La bonne humeur au travail peut être une arme à double tranchant. Si elle favorise l’esprit d’équipe et la collaboration, la feindre peut vite devenir un cercle vicieux.
Il en faut peu pour être heureux. Ou complètement mal luné. Le bien-être au travail est de plus en plus pris en compte par les employeurs. La loi les y oblige. Mais impossible d’être au top tout le temps.
Pour Catherine Hellemans, professeure de psychologie du travail à l’ULB, l’injonction à la bonne humeur est sans doute moins exigeante que celle au bonheur. Mais elle n’est pas positive pour autant. Dans les métiers de service, ça pourrait même être considéré comme faisant partie du job. Mais attention à l’effet pervers : afficher faussement une bonne humeur n’est pas idéal, avertit-elle. « On joue un rôle. On utilise un faux self, avec des émotions non ressenties. C’est usant. »
Effet vertueux
« Il y a un impératif à être heureux, mais les êtres humains ne sont pas ainsi faits », confirme Stéphanie Delroisse, docteure en psychologie et chargée de cours à l’UCLouvain et à l’UMons. « Il faut accepter que l’humeur n’est pas rectiligne, sinon cela peut devenir culpabilisant. » La bonne humeur au travail est pourtant indispensable. « C’est contagieux. Et il y a un effet vertueux, explique-t-elle. Cela va instaurer une meilleure ambiance dans l’équipe. »
Catherine Hellemans acquiesce : « Une bonne atmosphère se transmet et favorise la dynamique d’équipe. » Cela facilite aussi la collaboration et accentue l’engagement.
L’arbre qui cache la forêt
Au travail, on n’ose pas toujours dire ce qui ne va pas, et la bonne humeur sert parfois de cache-misère. « Il y a une tendance à rester dans un certain confort », avance-t-elle. Un réflexe pas toujours conscient, mais aussi une façon de se préserver. « Si on met sur le tapis ce qui ne va pas, on ne sait pas toujours où cela va nous mener. On a peur d’être exclu du groupe si les autres préfèrent fermer les yeux. »
Faire semblant est une mauvaise idée, confirme Stéphanie Delroisse. « On ne peut pas porter un masque éternellement. Si on garde ce qui ne va pas, on peut plus vite s’énerver pour une moindre chose. C’est extrêmement couteux de prétendre que tout va bien. » Jusqu’au burnout ? Pas impossible. Certains vont toujours accepter de nouveaux défis parce qu’ils sont enthousiastes, mais cela n’empêche pas le corps de fatiguer. Et c’est normal : « Physiologiquement, le défi et le stress ont une activité très similaire. Cela demande une énergie de dingue. » De plus, « si le travailleur dit qu’il gère alors qu’il est stressé, on ne pourra pas agir sur son mal-être. »
Double tranchant
Quand elle est extrême, la bonne humeur peut aussi être mal vue. « Les personnes ultra positives refusent souvent de reconnaître d’éventuels problèmes, ou d’en parler », selon Catherine Hellemans. Elles n’en ont pas toujours conscience, mais les collègues peuvent y voir un manque d’authenticité, voire une forme de manipulation. Certains ont, en revanche, une vraie capacité à se détacher, ajoute Stéphanie Delroisse. « On leur montre un problème, eux montrent le positif. Ça peut avoir un côté exaspérant. »

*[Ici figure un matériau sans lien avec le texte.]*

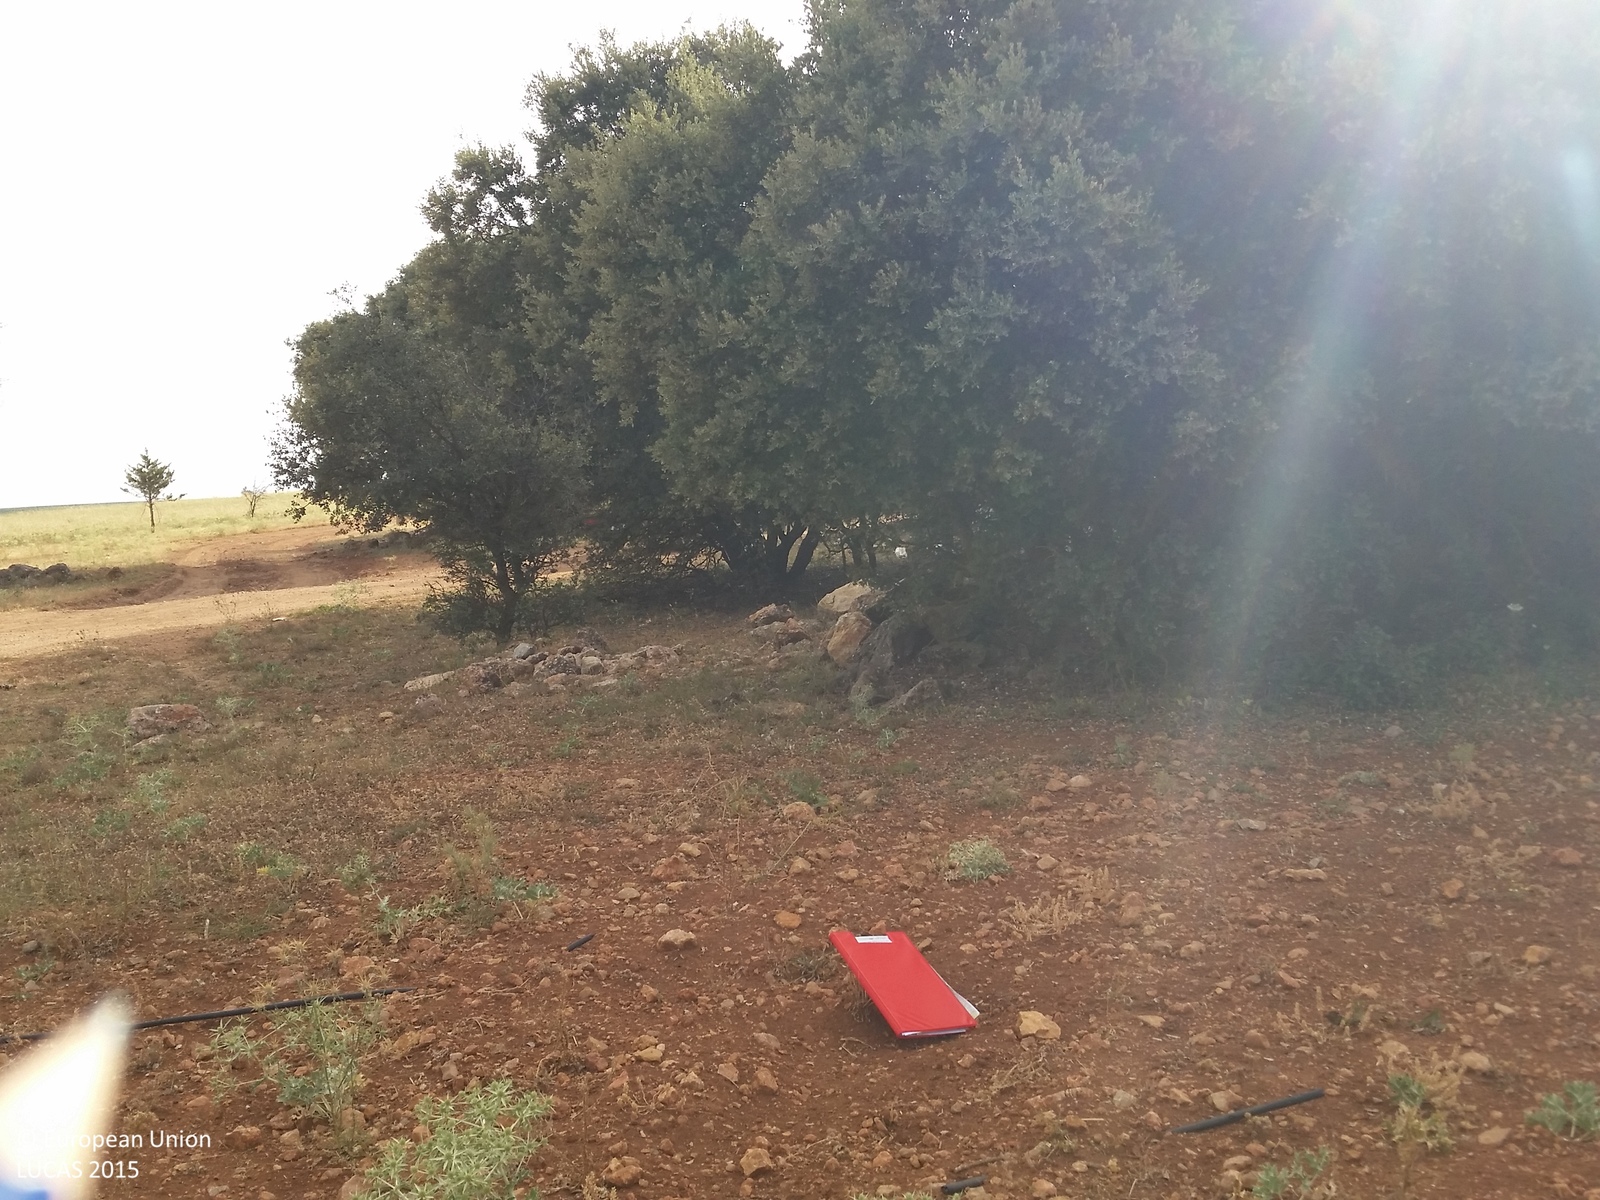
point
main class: Woodland
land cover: Broadleaved woodland
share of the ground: 50 - 75 %
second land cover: Spontaneously vegetated surfaces
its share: 25 - 50 %
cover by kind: broadleaved forest trees 60 %, herbaceous plants 30 %, unconsolidated bare surface 10 %
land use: Forestry
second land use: Fallow land
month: July
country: ES
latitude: 38.7438
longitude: -2.5550

Pour Catherine Hellemans, le plus sain, c’est d’avoir une humeur qui correspond celle de l’entreprise. Si quelqu’un est positif alors que ça ne tourne pas rond, il y aura un sentiment d’inauthenticité. Mais cela ne va pas toujours de soi. Stéphanie Delroisse conseille enfin de verbaliser les choses si on est de mauvais poil, afin de désamorcer un éventuel malentendu.